[Records excerpted from a collection]
+++
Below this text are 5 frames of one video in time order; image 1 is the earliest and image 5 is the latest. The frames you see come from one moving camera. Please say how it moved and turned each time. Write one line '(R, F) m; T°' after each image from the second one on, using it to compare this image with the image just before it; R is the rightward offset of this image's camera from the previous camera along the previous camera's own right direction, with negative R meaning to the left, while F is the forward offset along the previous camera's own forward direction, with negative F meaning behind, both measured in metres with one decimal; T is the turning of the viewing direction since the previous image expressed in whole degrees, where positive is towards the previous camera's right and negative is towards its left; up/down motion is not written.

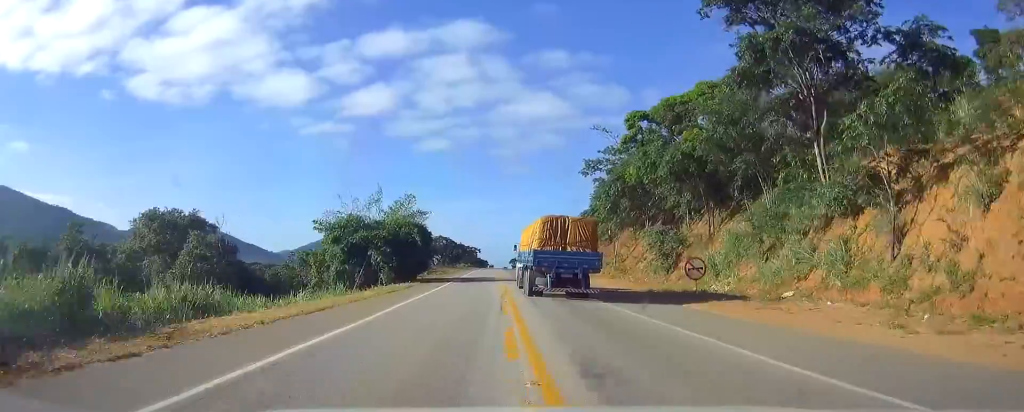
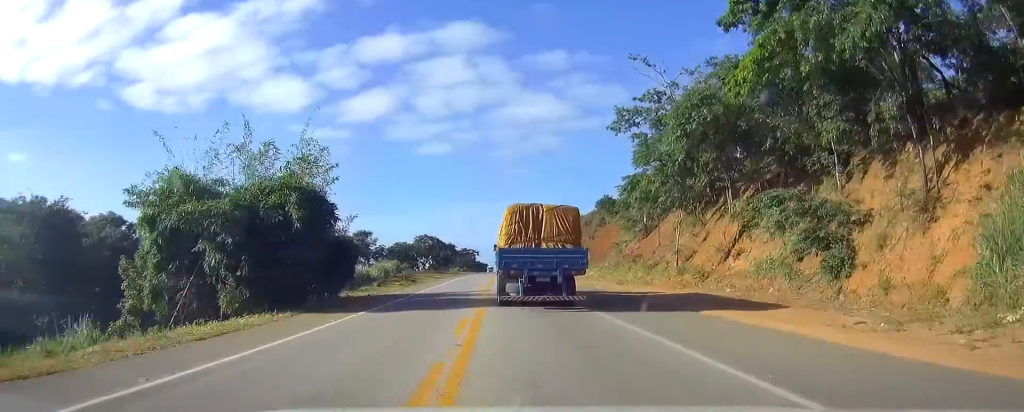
(+0.1, +28.5) m; 0°
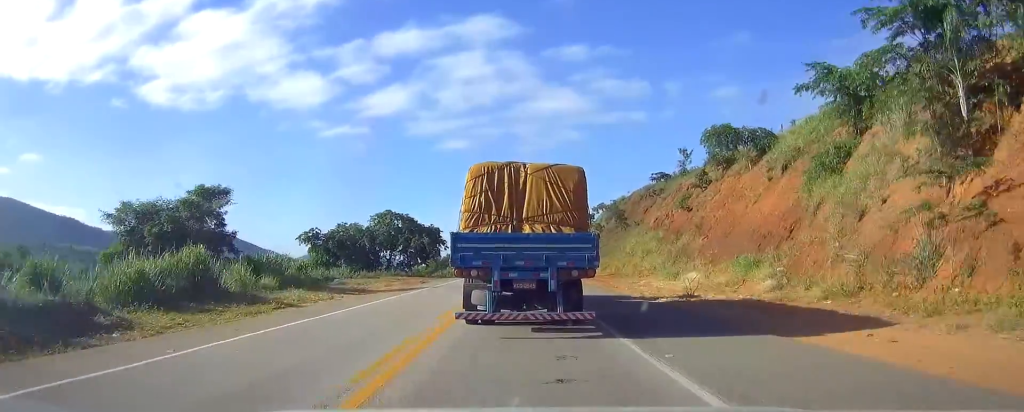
(-0.1, +55.3) m; 0°
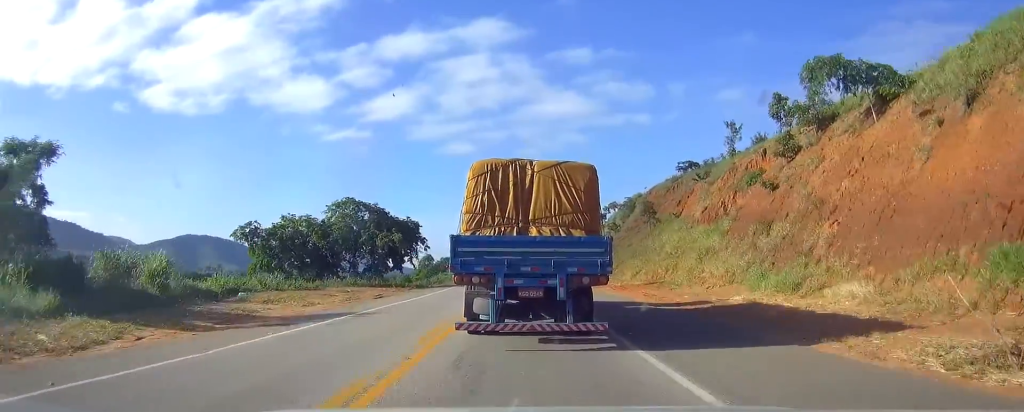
(-0.2, +20.9) m; 0°
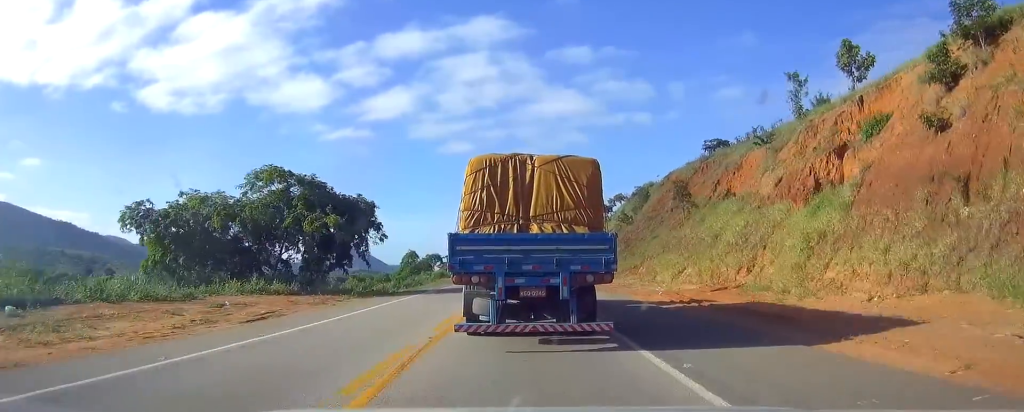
(+0.2, +19.0) m; 0°
+++
#### [Goal of the exercise]
A word-for-word copy of all the data, without pictures, is the expected output.

#### [Answer box]
Below this text are 5 frames of one video in time order; image 1 is the earliest and image 5 is the latest. The frames you see come from one moving camera. Please say how it moved and turned each time. Write one line '(R, F) m; T°' after each image from the second one on, using it to compare this image with the image just before it; R is the rightward offset of this image's camera from the previous camera along the previous camera's own right direction, with negative R meaning to the left, while F is the forward offset along the previous camera's own forward direction, with negative F meaning behind, both measured in metres with one decimal; T is the turning of the viewing direction since the previous image expressed in whole degrees, where positive is towards the previous camera's right and negative is towards its left; up/down motion is not written.

(+0.1, +28.5) m; 0°
(-0.1, +55.3) m; 0°
(-0.2, +20.9) m; 0°
(+0.2, +19.0) m; 0°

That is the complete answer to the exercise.